80 A.3d 1073
Md.2013Background
- Maryland Constitution requires decennial reapportionment of 47 legislative districts after each U.S. Census.
- GRAC drafted recommendations; Governor introduced plan; plan became law February 24, 2012 as MD Code amendments.
- Petitions challenging the Enacted Plan were filed (e.g., Delores Kelley, James Brochin; Christopher Bouchat; Cynthia Houser et al.).
- The Court conducted a de novo review of the Special Master’s findings under Article III, §5 and federal/State constitutional standards.
- Key dispute centered on Article III, §4 due regard and the plan’s population equality, district contiguity/compactness, and potential race/partisan effects.
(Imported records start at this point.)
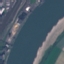
Label: River
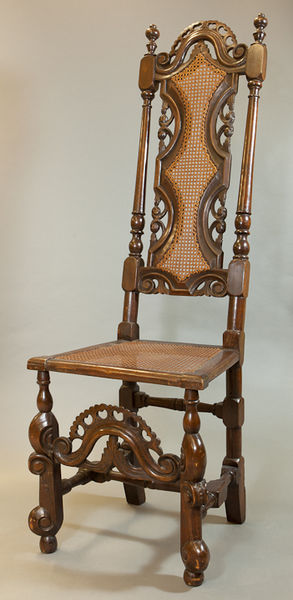
Titel: Charles II Side Chair
Standort: Amherst (Massachusetts, USA)
Institution: Mead Art Museum, Amherst College
Schlagwörter: leer, fotografie, verziert, stuhlbein, möbelstück, netz
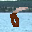
Label: 6
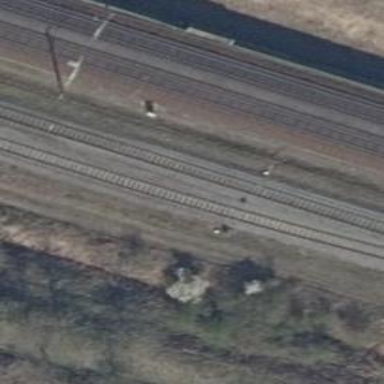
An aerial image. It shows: Railway signal.
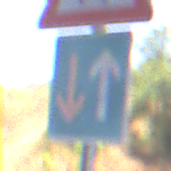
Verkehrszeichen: VorrangVorGegenverkehr
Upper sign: FussgaengerLinks
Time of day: Midday
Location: Roofed (Underpass)
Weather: Clear
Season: NotSpecified
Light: Natural
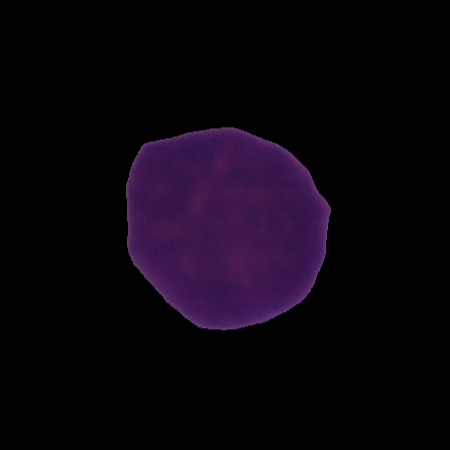
Label: cancer
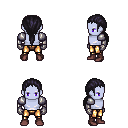
a pixel art fantasy rpg character, male body template, dark elf, purple skin, steel arm armor, gold greaves, raven ponytail hairstyle, metal gloves, maroon shoes, four views (front, back, left, right), 2x2 character sprite sheet, small pixel art, hard edges, no anti-aliasing
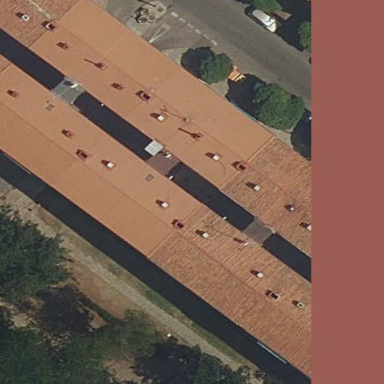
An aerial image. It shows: Apartments building with gabled roof oriented across.
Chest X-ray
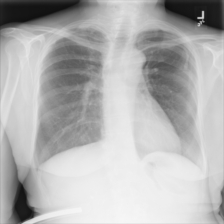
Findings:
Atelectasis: negative
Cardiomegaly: negative
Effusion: negative
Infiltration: negative
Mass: negative
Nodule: negative
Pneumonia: negative
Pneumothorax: negative
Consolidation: negative
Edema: negative
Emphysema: negative
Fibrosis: positive
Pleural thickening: negative
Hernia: negative
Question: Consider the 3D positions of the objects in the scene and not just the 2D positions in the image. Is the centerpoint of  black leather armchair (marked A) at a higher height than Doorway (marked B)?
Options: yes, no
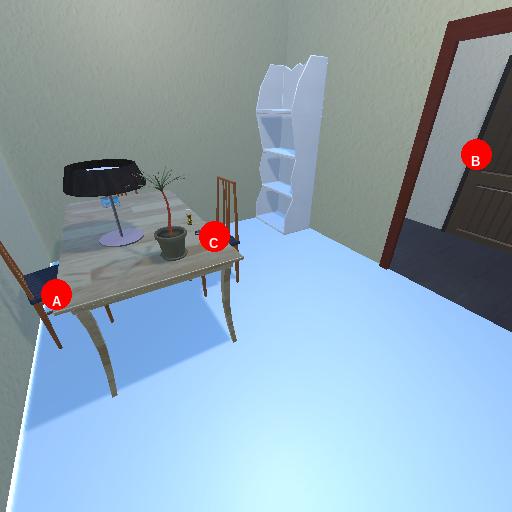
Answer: yes
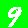
Digit: 9
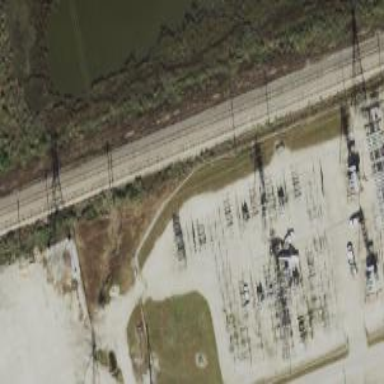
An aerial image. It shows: Switch for power supply.
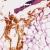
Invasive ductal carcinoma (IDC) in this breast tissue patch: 0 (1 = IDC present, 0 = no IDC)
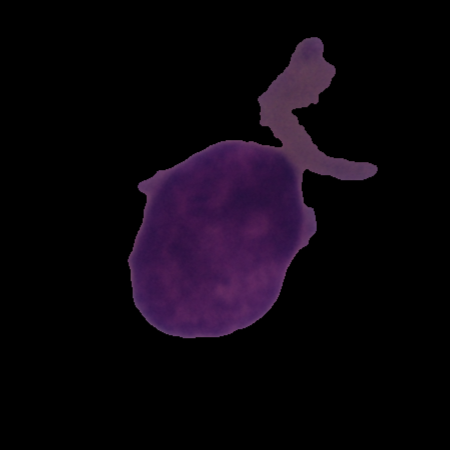
Label: cancer
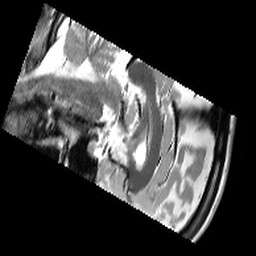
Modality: T2w
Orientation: sagittal
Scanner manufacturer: siemens
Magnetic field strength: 3 T
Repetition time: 10.64 s
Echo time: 0.05 s
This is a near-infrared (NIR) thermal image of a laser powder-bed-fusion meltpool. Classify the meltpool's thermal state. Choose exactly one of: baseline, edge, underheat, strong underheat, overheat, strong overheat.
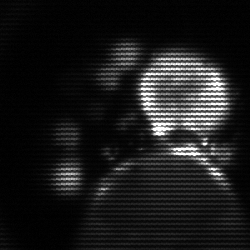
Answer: baseline
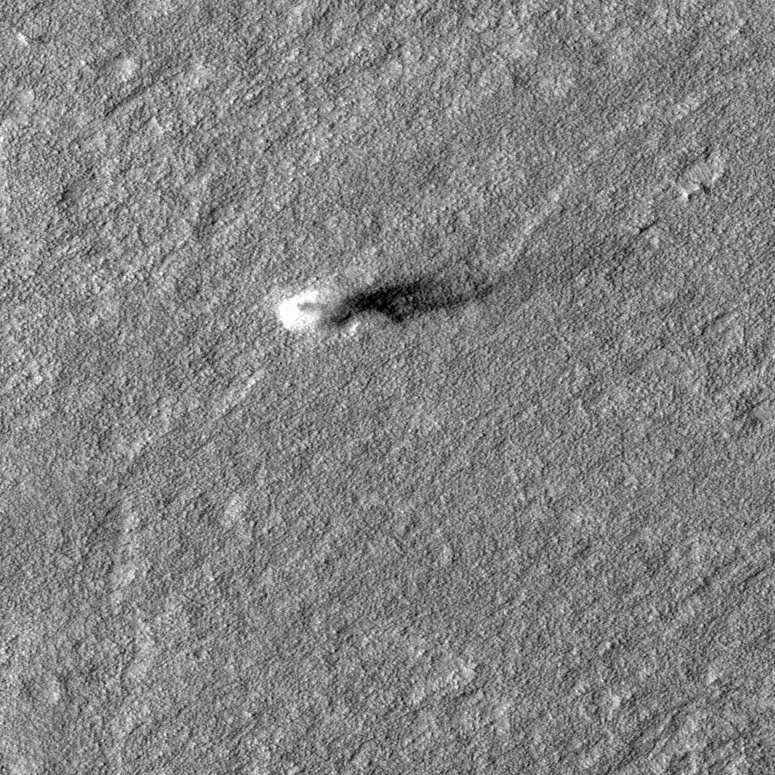
Label: dustdevil
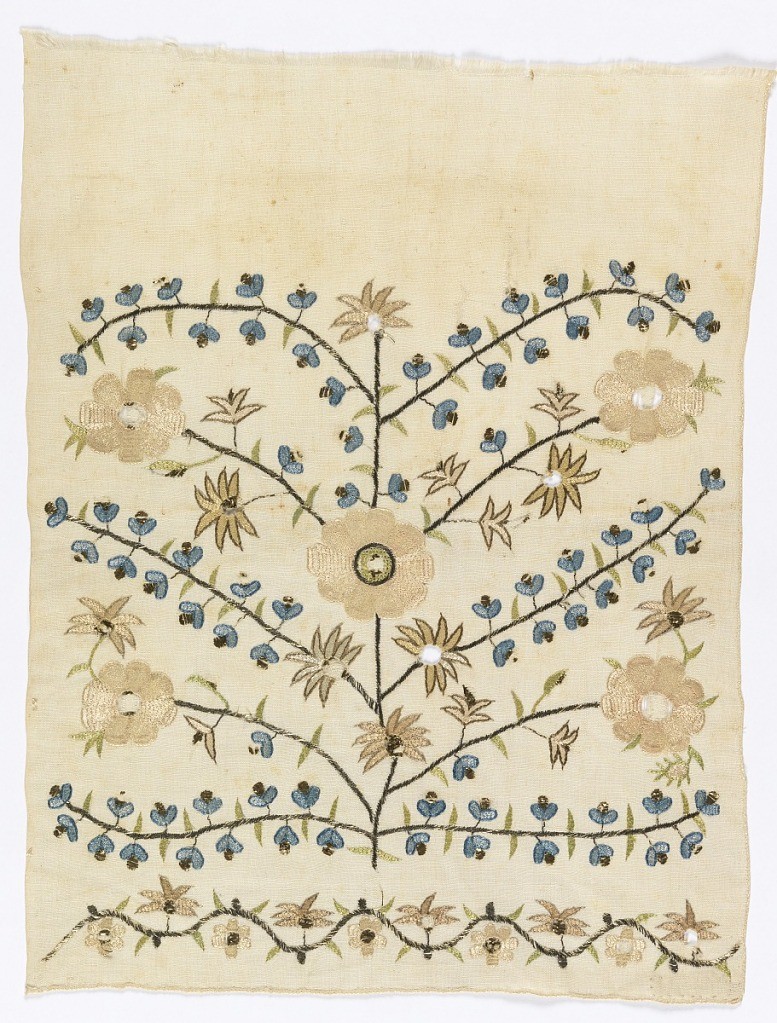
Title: Towel fragment
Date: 18th–19th century
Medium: plain cloth, silk and metal on linen Technique: embroidery
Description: Rigid symmetrical design of large, pale pink full-face flowers on center stem and on side stems alternately filled with tiny blue flowers with metal tongues. Flowers on serpentine stem form guard-band at bottom. Pastel silks, metal on silk and flat metal on undyed linen ground. One plain selvage with two-handed finished edges.
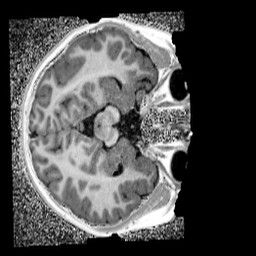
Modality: UNIT1_denoised
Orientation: axial
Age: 9
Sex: female
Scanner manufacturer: siemens
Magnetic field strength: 3 T
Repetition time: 4 s
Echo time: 0.00299 s
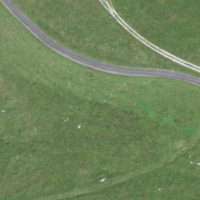
EUNIS habitat code: 24
Species observed at this site:
Campanula glomerata
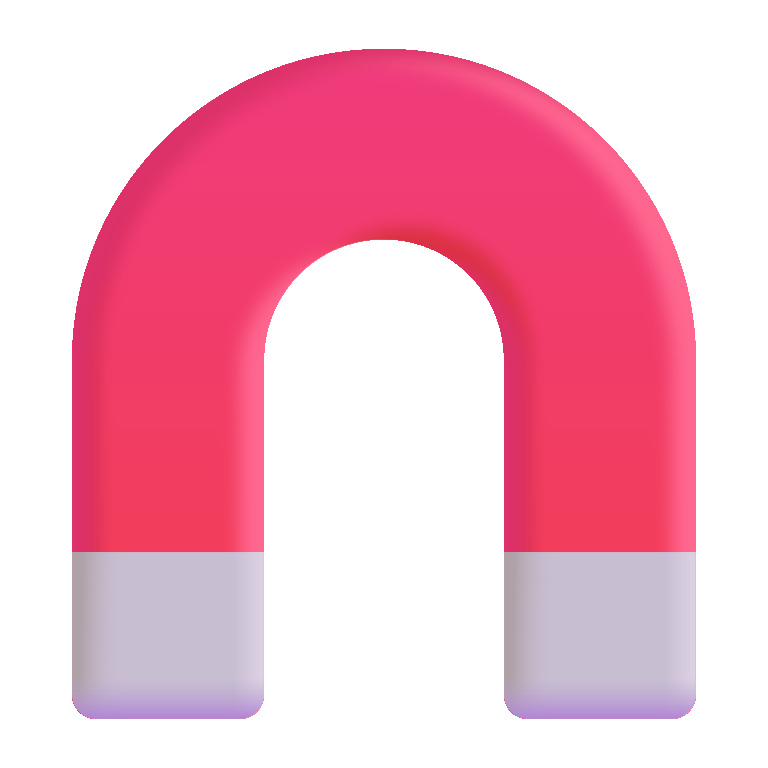
magnet color
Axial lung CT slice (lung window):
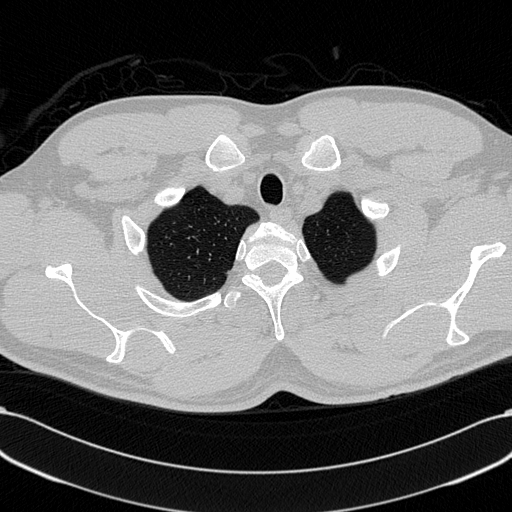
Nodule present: no
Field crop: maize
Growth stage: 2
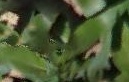
Species: maize
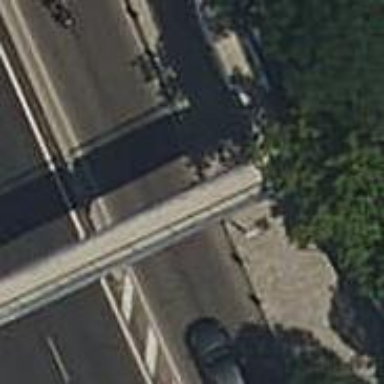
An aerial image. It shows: Asphalt road with primary link designation.
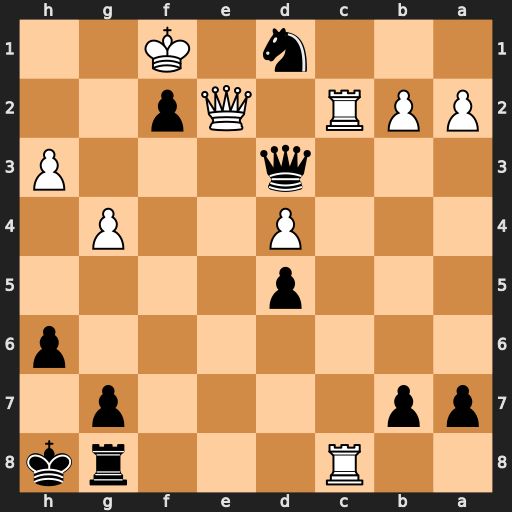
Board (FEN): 2R3rk/pp4p1/7p/3p4/3P2P1/3q3P/PPR1Qp2/3n1K2
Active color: b
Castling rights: -
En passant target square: -
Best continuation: Qxh3#
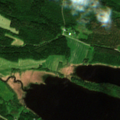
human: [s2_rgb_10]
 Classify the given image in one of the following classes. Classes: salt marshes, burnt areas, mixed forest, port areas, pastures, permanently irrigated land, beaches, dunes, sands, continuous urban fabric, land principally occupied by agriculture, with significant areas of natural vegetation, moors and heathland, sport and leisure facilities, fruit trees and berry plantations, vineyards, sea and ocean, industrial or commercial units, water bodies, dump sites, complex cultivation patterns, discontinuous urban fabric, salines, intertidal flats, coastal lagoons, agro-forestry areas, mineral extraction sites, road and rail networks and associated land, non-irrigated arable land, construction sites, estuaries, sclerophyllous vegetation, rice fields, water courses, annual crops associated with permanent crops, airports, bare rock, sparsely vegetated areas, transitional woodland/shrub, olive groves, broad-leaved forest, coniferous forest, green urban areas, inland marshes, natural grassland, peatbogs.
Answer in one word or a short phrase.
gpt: land principally occupied by agriculture, with significant areas of natural vegetation, coniferous forest, mixed forest, water bodies
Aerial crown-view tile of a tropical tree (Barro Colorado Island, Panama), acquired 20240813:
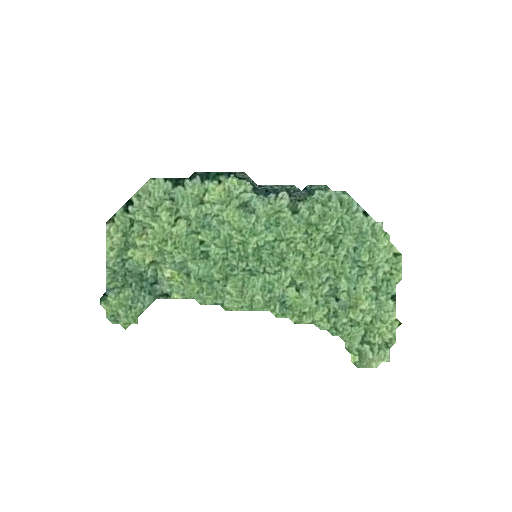
Species: Jacaranda copaia
GBIF accepted scientific name: Jacaranda copaia
Crown area: 57.578 m²
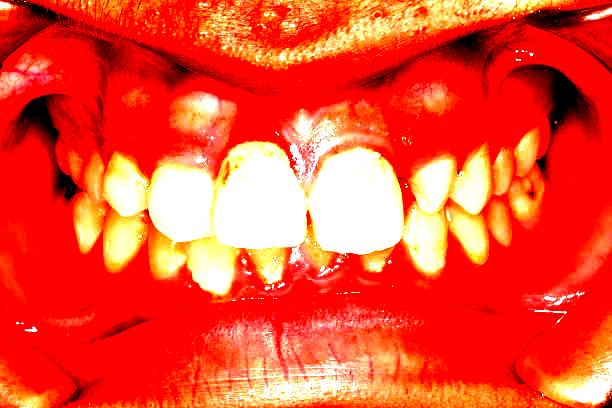
Condition: Gingivitis
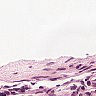
Metastatic tissue present: no
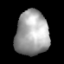
Tissue: lung
Cell type: Epithelial cells
Senescence score: 0.2429
Nuclear area (px): 1453
Mean DAPI intensity: 162.574
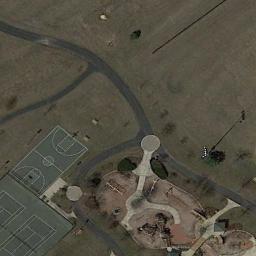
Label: basketball_court
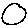
Label: circle

- Enacted Plan reduced total border crossings relative to prior plan but included a crossing between Baltimore City and Baltimore County and a cross-border District 44.
Issues
| Issue | Plaintiff's Argument | Defendant's Argument | Held |
|---|---|---|---|
| Does the Baltimore City–Baltimore County border crossing violate due regard? | Kelley/Brochin: crossing unnecessary and used to preserve six City Senate seats; violates §4. | State: crossing needed for population equality; holistic approach appropriate. | Crossing justified; plan complies with due regard. |
| Does the Enacted Plan comply with one person, one vote and VRA constraints? | Houser petition asserts racial/party-based disparities; seeks §2/VRA relief and population equality concerns. | Plan substantially equal; no §2 violation proven; no intentional discrimination shown. | Plan complies with population equality and §2/VRA thresholds; no relief granted on these claims. |
| Should the court apply a holistic statewide review or district-by-district approach to due regard? | Holistic approach misapplied; individual incursions can violate §4 regardless of statewide totals. | Holistic approach appropriate to assess overall fairness and political considerations. | Court rejects purely statewide holistic rule; due regard may be violated by individual incursions; a single unjustified border crossing is relevant. |
| What is the burden of proof and evidentiary standard for establishing §4 violations? | Direct and circumstantial evidence may show due regard violations; expert testimony supports violations. | Need compelling evidence of constitutional violation; claims here insufficient. | Petitioners failed to prove compelling evidence of §4 violations; Special Master’s and Court’s rulings upheld. |
Key Cases Cited
- Reynolds v. Sims, 377 U.S. 533 (1964) (establishes one-person, one-vote principle)
- Baker v. Carr, 369 U.S. 186 (1962) (federal judicial review of redistricting; political question)
- Shaw v. Reno, 509 U.S. 630 (1993) (race-based districting invalid unless narrowly tailored)
- Thornburg v. Gingles, 478 U.S. 30 (1986) (Gingles factors for §2 minority-district claims)
- In re Legislative Districting of State, 370 Md. 312 (2002) ( Maryland due regard / population equality analysis)
- Legislative Redistricting Cases, 331 Md. 574 (1993) (statewide vs district-specific due regard considerations)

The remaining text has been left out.